Seglen P O, Gordon P B
J Cell Biol. 1984 Aug;99(2):435-44. doi: 10.1083/jcb.99.2.435.
Sequestration of the inert cytosolic marker [14C]sucrose by sedimentable organelles was measured in isolated rat hepatocytes made transiently permeable to sucrose by means of electropermeabilization. Lysosomal integrity, protein degradation, autophagic sequestration, and other cellular functions were not significantly impaired by the electric treatment. Hepatocytes sequestered sucrose at an initial rate of approximately 10%/h, which is threefold higher than the estimated rate of autophagic-lysosomal protein degradation. Almost one-third would appear to represent mitochondrial fluid uptake; the rest was nearly completely and specifically inhibited by 3-methyladenine (3MA) and can be regarded as autophagic sequestration. A complete amino acid mixture was somewhat less inhibitory than 3MA, and partially antagonized the effect of the latter. This paradoxical effect, taken together with the high sequestration rate, may suggest heterogeneity as well as selectivity in autophagic sequestration. There was no detectable recycling of sequestered [14C]sucrose between organelles and cytosol. Studies of individual amino acids revealed histidine as the most effective sequestration inhibitor. Leucine may have a regulatory function, as indicated by its unique additive/synergistic effect, and a combination of Leu + His was as effective as the complete amino acid mixture. Asparagine inhibited sequestration only 20%, i.e., its very strong effect on overall (long-lived) protein degradation must partially be due to post-sequestrational inhibition. The lysosomal (amine-sensitive) degradation of short-lived protein was incompletely inhibited by 3MA, indicating a contribution from nonautophagic processes like crinophagy and endocytic membrane influx. The ability of an amino acid mixture to specifically antagonize the inhibition of short-lived protein degradation by AsN + GIN (but not by 3MA) may suggest complex amino acid interactions at the level of fusion between lysosomes and other vesicles in addition to the equally complex interactions at the level of autophagic sequestration.

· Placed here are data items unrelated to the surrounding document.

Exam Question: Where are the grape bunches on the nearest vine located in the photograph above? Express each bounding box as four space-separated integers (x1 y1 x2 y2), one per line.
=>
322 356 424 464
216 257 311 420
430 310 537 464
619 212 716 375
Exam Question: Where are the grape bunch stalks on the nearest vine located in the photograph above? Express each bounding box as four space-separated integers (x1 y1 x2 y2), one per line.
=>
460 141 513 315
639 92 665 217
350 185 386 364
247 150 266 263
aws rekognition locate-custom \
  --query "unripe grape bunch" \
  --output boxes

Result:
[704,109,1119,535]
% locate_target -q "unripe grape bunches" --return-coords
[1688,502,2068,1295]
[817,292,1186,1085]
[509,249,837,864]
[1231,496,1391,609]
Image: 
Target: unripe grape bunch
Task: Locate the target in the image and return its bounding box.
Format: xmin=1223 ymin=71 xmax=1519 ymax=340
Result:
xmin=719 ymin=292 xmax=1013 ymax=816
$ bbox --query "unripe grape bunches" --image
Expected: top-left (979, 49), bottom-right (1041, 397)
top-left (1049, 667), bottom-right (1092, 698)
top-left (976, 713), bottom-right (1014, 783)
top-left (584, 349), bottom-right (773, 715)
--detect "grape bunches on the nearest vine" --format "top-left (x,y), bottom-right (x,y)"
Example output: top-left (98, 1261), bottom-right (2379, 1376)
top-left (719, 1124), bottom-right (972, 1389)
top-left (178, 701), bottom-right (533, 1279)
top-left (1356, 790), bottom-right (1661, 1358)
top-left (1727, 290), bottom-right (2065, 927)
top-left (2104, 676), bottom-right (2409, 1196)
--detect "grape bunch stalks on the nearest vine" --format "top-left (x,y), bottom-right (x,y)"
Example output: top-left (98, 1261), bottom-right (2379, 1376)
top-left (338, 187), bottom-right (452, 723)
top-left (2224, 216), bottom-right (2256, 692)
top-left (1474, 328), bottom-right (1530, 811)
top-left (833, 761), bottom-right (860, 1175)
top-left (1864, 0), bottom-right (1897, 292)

通过电穿孔使分离的大鼠肝细胞对蔗糖短暂通透,以此来测定可沉降细胞器对惰性胞质标记物[14C]蔗糖的隔离情况。电处理对溶酶体完整性、蛋白质降解、自噬隔离及其他细胞功能并无显著损害。肝细胞隔离蔗糖的初始速率约为10%/小时,这比自噬溶酶体蛋白质降解的估计速率高三倍。几乎三分之一似乎代表线粒体液体摄取;其余部分几乎完全且特异性地被3 - 甲基腺嘌呤(3MA)抑制,可被视为自噬隔离。完整氨基酸混合物的抑制作用比3MA稍弱,并部分拮抗了后者的作用。这种矛盾的效应,连同高隔离率,可能表明自噬隔离存在异质性和选择性。在细胞器和胞质溶胶之间未检测到隔离的[14C]蔗糖的再循环。对单个氨基酸的研究表明,组氨酸是最有效的隔离抑制剂。亮氨酸可能具有调节功能,如其独特的相加/协同效应所示,亮氨酸 + 组氨酸的组合与完整氨基酸混合物的效果相同。天冬酰胺仅抑制隔离20%,即其对整体(长寿)蛋白质降解的极强作用一定部分归因于隔离后抑制。3MA对短命蛋白质的溶酶体(胺敏感)降解抑制不完全,表明诸如分泌自噬和内吞膜内流等非自噬过程也有作用。氨基酸混合物特异性拮抗天冬酰胺 + 谷氨酰胺(而非3MA)对短命蛋白质降解抑制的能力,可能表明除了自噬隔离水平上同样复杂的相互作用外,在溶酶体与其他囊泡融合水平上也存在复杂的氨基酸相互作用。